Amsterdam city proposes sharing meeting rooms

Share and share alike: the city of Amsterdam is starting a limited trial of sharing its office space next week.

Nanette Schippers, programme manager of the ‘sharing economy’ drive told journalists on Thursday that Europe’s first self-proclaimed ‘sharing city’ will be loaning unused office space to charities in need of a meeting room.

‘We also say practice what you preach, and if you are a sharing city, you have to share yourself as well,’ she said on Thursday. ‘We are now in a pre-trial phase: we want to share our meeting rooms. On Friday afternoon, weekends and other times it’s not that busy, and they just standing there doing nothing. And we know that a lot of people are looking for meeting rooms.

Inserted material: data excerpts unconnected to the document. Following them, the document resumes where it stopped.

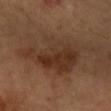Q: Was a biopsy performed?
A: no biopsy performed (imaged during a skin exam)
Q: Patient demographics?
A: female, aged approximately 60
Q: Automated lesion metrics?
A: a footprint of about 26 mm² and a symmetry-axis asymmetry near 0.4; an average lesion color of about L≈34 a*≈19 b*≈28 (CIELAB), a lesion–skin lightness drop of about 8, and a normalized border contrast of about 8; a border-irregularity rating of about 5.5/10, a within-lesion color-variation index near 5/10, and a peripheral color-asymmetry measure near 1.5; an automated nevus-likeness rating near 40 out of 100 and lesion-presence confidence of about 100/100
Q: How was this image acquired?
A: total-body-photography crop, ~15 mm field of view
Q: What lighting was used for the tile?
A: cross-polarized
Q: Where on the body is the lesion?
A: the arm
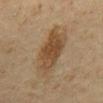This is a cross-polarized tile. A 15 mm close-up extracted from a 3D total-body photography capture. The lesion's longest dimension is about 6 mm. A male subject roughly 60 years of age. Located on the mid back. The lesion-visualizer software estimated a lesion area of about 17 mm², a shape eccentricity near 0.8, and a shape-asymmetry score of about 0.25 (0 = symmetric). The analysis additionally found a lesion color around L≈38 a*≈13 b*≈27 in CIELAB. It also reported border irregularity of about 3.5 on a 0–10 scale, a within-lesion color-variation index near 3/10, and radial color variation of about 1.
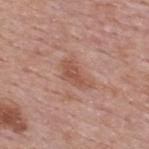Part of a total-body skin-imaging series; this lesion was reviewed on a skin check and was not flagged for biopsy. A 15 mm close-up tile from a total-body photography series done for melanoma screening. About 4 mm across. A male subject aged 53 to 57. The lesion is on the back.
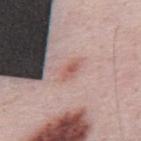Clinical impression: Recorded during total-body skin imaging; not selected for excision or biopsy. Clinical summary: An algorithmic analysis of the crop reported a lesion area of about 2.5 mm² and a symmetry-axis asymmetry near 0.3. The software also gave a nevus-likeness score of about 20/100 and a lesion-detection confidence of about 100/100. A roughly 15 mm field-of-view crop from a total-body skin photograph. From the upper back. The lesion's longest dimension is about 2.5 mm. A male subject about 50 years old. Imaged with white-light lighting.
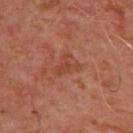Recorded during total-body skin imaging; not selected for excision or biopsy. Approximately 3 mm at its widest. Automated image analysis of the tile measured an outline eccentricity of about 0.7 (0 = round, 1 = elongated) and a shape-asymmetry score of about 0.6 (0 = symmetric). And it measured a border-irregularity index near 7.5/10, internal color variation of about 0.5 on a 0–10 scale, and peripheral color asymmetry of about 0. A 15 mm close-up tile from a total-body photography series done for melanoma screening. Captured under cross-polarized illumination. The lesion is on the upper back. A male subject about 50 years old.
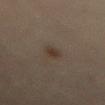{
  "image": {
    "source": "total-body photography crop",
    "field_of_view_mm": 15
  },
  "lesion_size": {
    "long_diameter_mm_approx": 3.0
  },
  "patient": {
    "sex": "female",
    "age_approx": 60
  },
  "lighting": "cross-polarized",
  "site": "lower back"
}
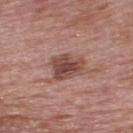Q: Is there a histopathology result?
A: imaged on a skin check; not biopsied
Q: Patient demographics?
A: male, aged 63–67
Q: What is the imaging modality?
A: total-body-photography crop, ~15 mm field of view
Q: How was the tile lit?
A: white-light illumination
Q: What did automated image analysis measure?
A: an area of roughly 9.5 mm², an eccentricity of roughly 0.55, and a shape-asymmetry score of about 0.3 (0 = symmetric); a normalized border contrast of about 9; border irregularity of about 3 on a 0–10 scale, internal color variation of about 4 on a 0–10 scale, and a peripheral color-asymmetry measure near 1.5
Q: How large is the lesion?
A: ~4 mm (longest diameter)
Q: Where on the body is the lesion?
A: the back
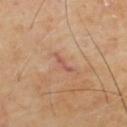| field | value |
|---|---|
| subject | male, about 65 years old |
| site | the upper back |
| TBP lesion metrics | an area of roughly 2.5 mm², a shape eccentricity near 0.95, and a symmetry-axis asymmetry near 0.45; a mean CIELAB color near L≈55 a*≈24 b*≈29; an automated nevus-likeness rating near 0 out of 100 |
| lighting | cross-polarized illumination |
| image | ~15 mm crop, total-body skin-cancer survey |
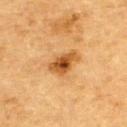Findings:
– workup: total-body-photography surveillance lesion; no biopsy
– site: the upper back
– TBP lesion metrics: an average lesion color of about L≈48 a*≈22 b*≈41 (CIELAB), about 13 CIELAB-L* units darker than the surrounding skin, and a normalized border contrast of about 9.5; a border-irregularity rating of about 3.5/10 and internal color variation of about 6 on a 0–10 scale; a nevus-likeness score of about 90/100 and a detector confidence of about 100 out of 100 that the crop contains a lesion
– image: ~15 mm crop, total-body skin-cancer survey
– lesion diameter: ~4 mm (longest diameter)
– subject: male, about 85 years old or older
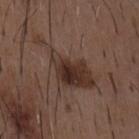| feature | finding |
|---|---|
| biopsy status | no biopsy performed (imaged during a skin exam) |
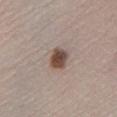Case summary:
• follow-up — catalogued during a skin exam; not biopsied
• size — about 3 mm
• automated lesion analysis — a mean CIELAB color near L≈46 a*≈17 b*≈23, roughly 16 lightness units darker than nearby skin, and a normalized border contrast of about 11.5; lesion-presence confidence of about 100/100
• acquisition — ~15 mm crop, total-body skin-cancer survey
• patient — male, aged 63 to 67
• illumination — white-light
• body site — the leg
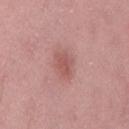biopsy status = imaged on a skin check; not biopsied
site = the leg
illumination = white-light illumination
subject = female, aged around 50
image source = 15 mm crop, total-body photography
lesion size = ~3.5 mm (longest diameter)
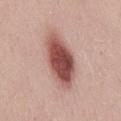size: ≈7 mm | subject: male, in their mid- to late 20s | image source: ~15 mm tile from a whole-body skin photo | anatomic site: the mid back.
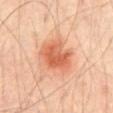Imaged during a routine full-body skin examination; the lesion was not biopsied and no histopathology is available. The lesion is located on the abdomen. A male patient, roughly 65 years of age. Imaged with cross-polarized lighting. A 15 mm close-up extracted from a 3D total-body photography capture.
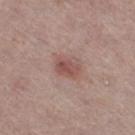Impression: Imaged during a routine full-body skin examination; the lesion was not biopsied and no histopathology is available. Acquisition and patient details: Located on the right thigh. A close-up tile cropped from a whole-body skin photograph, about 15 mm across. A female patient aged around 60.
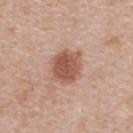Q: Was a biopsy performed?
A: no biopsy performed (imaged during a skin exam)
Q: Lesion size?
A: ≈4 mm
Q: Where on the body is the lesion?
A: the upper back
Q: How was the tile lit?
A: white-light
Q: What kind of image is this?
A: ~15 mm crop, total-body skin-cancer survey
Q: What did automated image analysis measure?
A: an average lesion color of about L≈55 a*≈22 b*≈29 (CIELAB) and a normalized border contrast of about 8.5; border irregularity of about 1.5 on a 0–10 scale, a within-lesion color-variation index near 3.5/10, and radial color variation of about 1; a nevus-likeness score of about 95/100 and lesion-presence confidence of about 100/100
Q: What are the patient's age and sex?
A: female, aged around 45
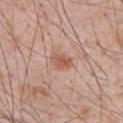<tbp_lesion>
<biopsy_status>not biopsied; imaged during a skin examination</biopsy_status>
<site>abdomen</site>
<patient>
  <sex>male</sex>
  <age_approx>55</age_approx>
</patient>
<image>
  <source>total-body photography crop</source>
  <field_of_view_mm>15</field_of_view_mm>
</image>
<lesion_size>
  <long_diameter_mm_approx>2.5</long_diameter_mm_approx>
</lesion_size>
<lighting>white-light</lighting>
</tbp_lesion>
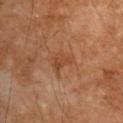Q: Was this lesion biopsied?
A: no biopsy performed (imaged during a skin exam)
Q: Patient demographics?
A: male, aged approximately 55
Q: What lighting was used for the tile?
A: cross-polarized illumination
Q: What kind of image is this?
A: total-body-photography crop, ~15 mm field of view
Q: Where on the body is the lesion?
A: the arm
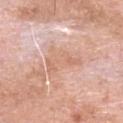follow-up: no biopsy performed (imaged during a skin exam) | acquisition: ~15 mm tile from a whole-body skin photo | subject: male, roughly 80 years of age | location: the head or neck | automated lesion analysis: an area of roughly 10 mm², an eccentricity of roughly 0.8, and a symmetry-axis asymmetry near 0.5; an average lesion color of about L≈67 a*≈21 b*≈30 (CIELAB), about 7 CIELAB-L* units darker than the surrounding skin, and a normalized lesion–skin contrast near 5.5 | size: about 5 mm.
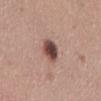notes — catalogued during a skin exam; not biopsied | location — the leg | patient — female, aged 28 to 32 | lesion size — about 2.5 mm | automated metrics — a lesion area of about 6 mm², an outline eccentricity of about 0.5 (0 = round, 1 = elongated), and a symmetry-axis asymmetry near 0.15; about 18 CIELAB-L* units darker than the surrounding skin and a lesion-to-skin contrast of about 12.5 (normalized; higher = more distinct); border irregularity of about 1.5 on a 0–10 scale and a peripheral color-asymmetry measure near 1.5; a classifier nevus-likeness of about 95/100 | image source — ~15 mm tile from a whole-body skin photo.
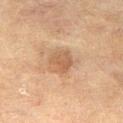No biopsy was performed on this lesion — it was imaged during a full skin examination and was not determined to be concerning. A male patient aged 68–72. The lesion is on the leg. A 15 mm close-up tile from a total-body photography series done for melanoma screening. The tile uses cross-polarized illumination.
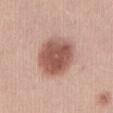The lesion was tiled from a total-body skin photograph and was not biopsied. Approximately 5.5 mm at its widest. Located on the front of the torso. A female patient, aged around 30. An algorithmic analysis of the crop reported an area of roughly 21 mm², a shape eccentricity near 0.4, and two-axis asymmetry of about 0.1. The software also gave a lesion color around L≈55 a*≈23 b*≈26 in CIELAB and a normalized lesion–skin contrast near 9.5. And it measured a nevus-likeness score of about 95/100 and a lesion-detection confidence of about 100/100. This image is a 15 mm lesion crop taken from a total-body photograph. Imaged with white-light lighting.
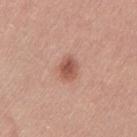Impression:
No biopsy was performed on this lesion — it was imaged during a full skin examination and was not determined to be concerning.
Image and clinical context:
Captured under white-light illumination. The lesion is on the left thigh. A female subject about 25 years old. This image is a 15 mm lesion crop taken from a total-body photograph.
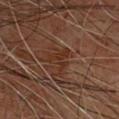Q: Is there a histopathology result?
A: no biopsy performed (imaged during a skin exam)
Q: How was the tile lit?
A: cross-polarized illumination
Q: Who is the patient?
A: male, aged around 60
Q: Where on the body is the lesion?
A: the back
Q: Lesion size?
A: about 3.5 mm
Q: Automated lesion metrics?
A: a normalized lesion–skin contrast near 6.5; a within-lesion color-variation index near 2/10 and peripheral color asymmetry of about 0.5; a nevus-likeness score of about 0/100
Q: How was this image acquired?
A: ~15 mm tile from a whole-body skin photo
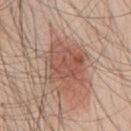Impression:
This lesion was catalogued during total-body skin photography and was not selected for biopsy.
Context:
The lesion is on the chest. A male subject, aged 43 to 47. Automated image analysis of the tile measured a lesion area of about 21 mm² and an outline eccentricity of about 0.5 (0 = round, 1 = elongated). It also reported a lesion–skin lightness drop of about 10 and a lesion-to-skin contrast of about 7 (normalized; higher = more distinct). A lesion tile, about 15 mm wide, cut from a 3D total-body photograph. The recorded lesion diameter is about 6 mm.
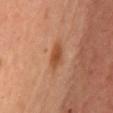Case summary:
– workup: total-body-photography surveillance lesion; no biopsy
– subject: female, aged 38–42
– lesion size: ≈3.5 mm
– acquisition: 15 mm crop, total-body photography
– location: the chest
– tile lighting: cross-polarized

‘So we want to open up these spaces for foundations that want to have a social impact in Amsterdam.

From next Monday the trial begins with one organisation taking a regular meeting spot at the city’s offices in central Amsterdam.

Competition?

Schippers admitted that the idea has been hard to put into action, and that she has had proactive meetings with other office rental firms. ‘Because we are a government, we have to cover security issues and can’t have our economic activities competing with professional meeting room businesses,’ she said.

‘For us it’s also a trial to see when they leave, if we have to clean up, what the questions are during the day, can we just open up for them and leave again – it’s a very practical learning curve. If it works, we will expand it and more meeting rooms will be opened up and we will probably find a nice sharing platform [website].’

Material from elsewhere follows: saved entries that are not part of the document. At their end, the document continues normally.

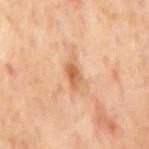{
  "biopsy_status": "not biopsied; imaged during a skin examination",
  "lighting": "cross-polarized",
  "site": "mid back",
  "automated_metrics": {
    "area_mm2_approx": 5.5,
    "eccentricity": 0.9,
    "shape_asymmetry": 0.3,
    "cielab_L": 61,
    "cielab_a": 22,
    "cielab_b": 38,
    "vs_skin_darker_L": 10.0,
    "vs_skin_contrast_norm": 7.0
  },
  "patient": {
    "sex": "male",
    "age_approx": 65
  },
  "lesion_size": {
    "long_diameter_mm_approx": 4.0
  },
  "image": {
    "source": "total-body photography crop",
    "field_of_view_mm": 15
  }
}
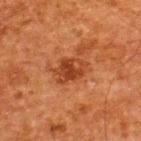Clinical impression: Recorded during total-body skin imaging; not selected for excision or biopsy. Image and clinical context: Automated image analysis of the tile measured a lesion area of about 8 mm² and a shape-asymmetry score of about 0.25 (0 = symmetric). The analysis additionally found an automated nevus-likeness rating near 45 out of 100 and lesion-presence confidence of about 100/100. A male patient, aged approximately 60. A lesion tile, about 15 mm wide, cut from a 3D total-body photograph. Approximately 4 mm at its widest. Located on the upper back. The tile uses cross-polarized illumination.
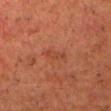This lesion was catalogued during total-body skin photography and was not selected for biopsy.
From the head or neck.
A region of skin cropped from a whole-body photographic capture, roughly 15 mm wide.
An algorithmic analysis of the crop reported a footprint of about 3 mm², an outline eccentricity of about 0.9 (0 = round, 1 = elongated), and a symmetry-axis asymmetry near 0.2. The software also gave border irregularity of about 3 on a 0–10 scale, a color-variation rating of about 0/10, and peripheral color asymmetry of about 0.
A male patient in their mid-60s.
Imaged with cross-polarized lighting.
Approximately 3 mm at its widest.
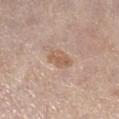notes: catalogued during a skin exam; not biopsied | patient: female, aged 63–67 | acquisition: total-body-photography crop, ~15 mm field of view | size: about 3.5 mm | lighting: white-light | site: the right lower leg.
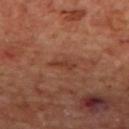Background:
The recorded lesion diameter is about 2.5 mm. Captured under cross-polarized illumination. Cropped from a total-body skin-imaging series; the visible field is about 15 mm. On the mid back. The patient is a male aged around 70.
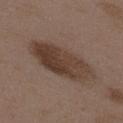Part of a total-body skin-imaging series; this lesion was reviewed on a skin check and was not flagged for biopsy. The tile uses white-light illumination. The recorded lesion diameter is about 8 mm. Cropped from a whole-body photographic skin survey; the tile spans about 15 mm. Located on the upper back. A female patient, roughly 35 years of age.
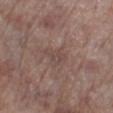Impression:
Imaged during a routine full-body skin examination; the lesion was not biopsied and no histopathology is available.
Acquisition and patient details:
Cropped from a total-body skin-imaging series; the visible field is about 15 mm. From the leg. This is a white-light tile. About 3 mm across. Automated tile analysis of the lesion measured a footprint of about 4 mm² and a shape eccentricity near 0.8. The software also gave a border-irregularity rating of about 4/10, internal color variation of about 2 on a 0–10 scale, and peripheral color asymmetry of about 0.5. The analysis additionally found an automated nevus-likeness rating near 0 out of 100 and lesion-presence confidence of about 95/100. A male patient, aged around 70.
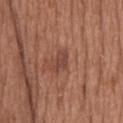No biopsy was performed on this lesion — it was imaged during a full skin examination and was not determined to be concerning. A close-up tile cropped from a whole-body skin photograph, about 15 mm across. The tile uses white-light illumination. The lesion is located on the head or neck. A male subject in their 40s. Approximately 3 mm at its widest.
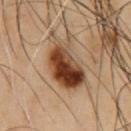{
  "biopsy_status": "not biopsied; imaged during a skin examination",
  "automated_metrics": {
    "area_mm2_approx": 19.0,
    "eccentricity": 0.8,
    "shape_asymmetry": 0.25,
    "border_irregularity_0_10": 3.5,
    "color_variation_0_10": 9.5,
    "peripheral_color_asymmetry": 4.0
  },
  "site": "chest",
  "image": {
    "source": "total-body photography crop",
    "field_of_view_mm": 15
  },
  "lesion_size": {
    "long_diameter_mm_approx": 7.0
  },
  "patient": {
    "sex": "male",
    "age_approx": 55
  },
  "lighting": "cross-polarized"
}
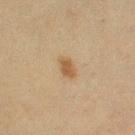Image and clinical context: A female patient, aged around 55. A close-up tile cropped from a whole-body skin photograph, about 15 mm across. The lesion is located on the leg.
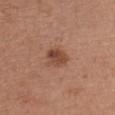Notes:
- biopsy status: total-body-photography surveillance lesion; no biopsy
- patient: female, in their mid-60s
- imaging modality: ~15 mm crop, total-body skin-cancer survey
- image-analysis metrics: an automated nevus-likeness rating near 90 out of 100 and lesion-presence confidence of about 100/100
- anatomic site: the chest
- tile lighting: white-light illumination
- diameter: ~3 mm (longest diameter)
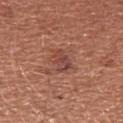{
  "biopsy_status": "not biopsied; imaged during a skin examination",
  "site": "arm",
  "patient": {
    "sex": "female",
    "age_approx": 35
  },
  "lesion_size": {
    "long_diameter_mm_approx": 3.0
  },
  "image": {
    "source": "total-body photography crop",
    "field_of_view_mm": 15
  }
}
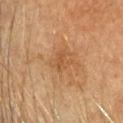<tbp_lesion>
<biopsy_status>not biopsied; imaged during a skin examination</biopsy_status>
<automated_metrics>
  <cielab_L>46</cielab_L>
  <cielab_a>19</cielab_a>
  <cielab_b>34</cielab_b>
  <vs_skin_darker_L>6.0</vs_skin_darker_L>
</automated_metrics>
<lesion_size>
  <long_diameter_mm_approx>2.5</long_diameter_mm_approx>
</lesion_size>
<image>
  <source>total-body photography crop</source>
  <field_of_view_mm>15</field_of_view_mm>
</image>
<site>head or neck</site>
<patient>
  <sex>female</sex>
  <age_approx>55</age_approx>
</patient>
<lighting>cross-polarized</lighting>
</tbp_lesion>
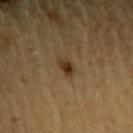Clinical impression:
Imaged during a routine full-body skin examination; the lesion was not biopsied and no histopathology is available.
Background:
From the left upper arm. A male patient, roughly 85 years of age or older. This image is a 15 mm lesion crop taken from a total-body photograph.
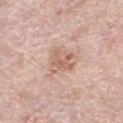Imaged during a routine full-body skin examination; the lesion was not biopsied and no histopathology is available. A female subject, approximately 65 years of age. Approximately 3.5 mm at its widest. A 15 mm close-up extracted from a 3D total-body photography capture. The tile uses white-light illumination. Located on the left lower leg.
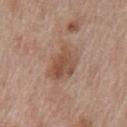Assessment:
Part of a total-body skin-imaging series; this lesion was reviewed on a skin check and was not flagged for biopsy.
Image and clinical context:
From the chest. A 15 mm close-up tile from a total-body photography series done for melanoma screening. A male subject aged 68–72.

Amsterdam launched an initiative to encourage start-up companies, larger businesses, social organisations and individuals to share resources, knowledge and services – freely, and for cash – after research by Pieter van de Glind suggesting that 84% of Amsterdammers are willing to share.

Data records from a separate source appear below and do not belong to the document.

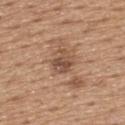biopsy_status: not biopsied; imaged during a skin examination
image:
  source: total-body photography crop
  field_of_view_mm: 15
lighting: white-light
site: upper back
lesion_size:
  long_diameter_mm_approx: 3.0
patient:
  sex: male
  age_approx: 65
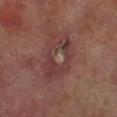The total-body-photography lesion software estimated an area of roughly 17 mm² and a symmetry-axis asymmetry near 0.2. And it measured a classifier nevus-likeness of about 0/100.
From the right lower leg.
The patient is a male roughly 70 years of age.
Captured under cross-polarized illumination.
A 15 mm crop from a total-body photograph taken for skin-cancer surveillance.
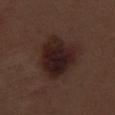No biopsy was performed on this lesion — it was imaged during a full skin examination and was not determined to be concerning. A male subject, about 70 years old. Imaged with white-light lighting. Automated tile analysis of the lesion measured an area of roughly 21 mm² and two-axis asymmetry of about 0.25. And it measured a classifier nevus-likeness of about 85/100 and lesion-presence confidence of about 100/100. From the right thigh. About 6 mm across. A roughly 15 mm field-of-view crop from a total-body skin photograph.
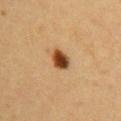The lesion was photographed on a routine skin check and not biopsied; there is no pathology result.
A female patient aged 28–32.
On the right upper arm.
A close-up tile cropped from a whole-body skin photograph, about 15 mm across.
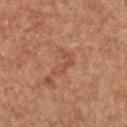{"biopsy_status": "not biopsied; imaged during a skin examination", "lighting": "white-light", "patient": {"sex": "female", "age_approx": 40}, "lesion_size": {"long_diameter_mm_approx": 3.5}, "image": {"source": "total-body photography crop", "field_of_view_mm": 15}, "site": "chest"}
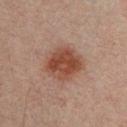| field | value |
|---|---|
| workup | no biopsy performed (imaged during a skin exam) |
| image source | ~15 mm tile from a whole-body skin photo |
| anatomic site | the chest |
| patient | male, about 30 years old |
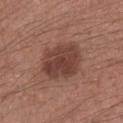* follow-up — no biopsy performed (imaged during a skin exam)
* image source — ~15 mm tile from a whole-body skin photo
* body site — the left forearm
* patient — male, in their mid-30s
* size — about 5.5 mm
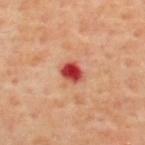workup = no biopsy performed (imaged during a skin exam); subject = male, in their mid-60s; acquisition = ~15 mm tile from a whole-body skin photo; size = ~2.5 mm (longest diameter); illumination = cross-polarized illumination; site = the upper back.
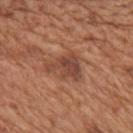Q: Was this lesion biopsied?
A: no biopsy performed (imaged during a skin exam)
Q: What is the anatomic site?
A: the mid back
Q: What is the imaging modality?
A: total-body-photography crop, ~15 mm field of view
Q: Patient demographics?
A: male, roughly 65 years of age
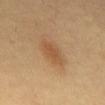Q: Was a biopsy performed?
A: imaged on a skin check; not biopsied
Q: What did automated image analysis measure?
A: an area of roughly 6 mm² and a shape-asymmetry score of about 0.2 (0 = symmetric); a mean CIELAB color near L≈54 a*≈20 b*≈38, a lesion–skin lightness drop of about 8, and a normalized lesion–skin contrast near 6; border irregularity of about 2 on a 0–10 scale and a within-lesion color-variation index near 1.5/10; a nevus-likeness score of about 80/100 and a lesion-detection confidence of about 100/100
Q: Who is the patient?
A: female, aged approximately 60
Q: What is the imaging modality?
A: 15 mm crop, total-body photography
Q: Where on the body is the lesion?
A: the mid back

Last year, it ran a meeting for international deputy mayors on the subject and other aims include offering dedicated space in an underground car park for people willing to share their cars and linking up the Stadspas city pass with sharing initiatives as a general service for all – discounted for the elderly or those on low incomes.

Cooperate

Harmen van Sprang, who co-founded the shareNL networking organisation with Van de Glind, told DutchNews.nl: ‘[The office sharing pilot] is quite an interesting attempt by the City of Amsterdam to unlock idle capacity.’

He said it wouldn’t provide unfair competition for commercial shared office spaces, but that co-working spaces such as Seats2Meet might well be willing to cooperate with the city using their technology.

‘[The city] is willing to learn from this and to adjust where needed to maintain a level playing field,’ he added. ‘The Amsterdam approach is to collaborate between public and private parties and as long as every stakeholder is prepared to participate in and learn…we will all benefit.’

A spokesman for Regus office space provider was contacted for comment.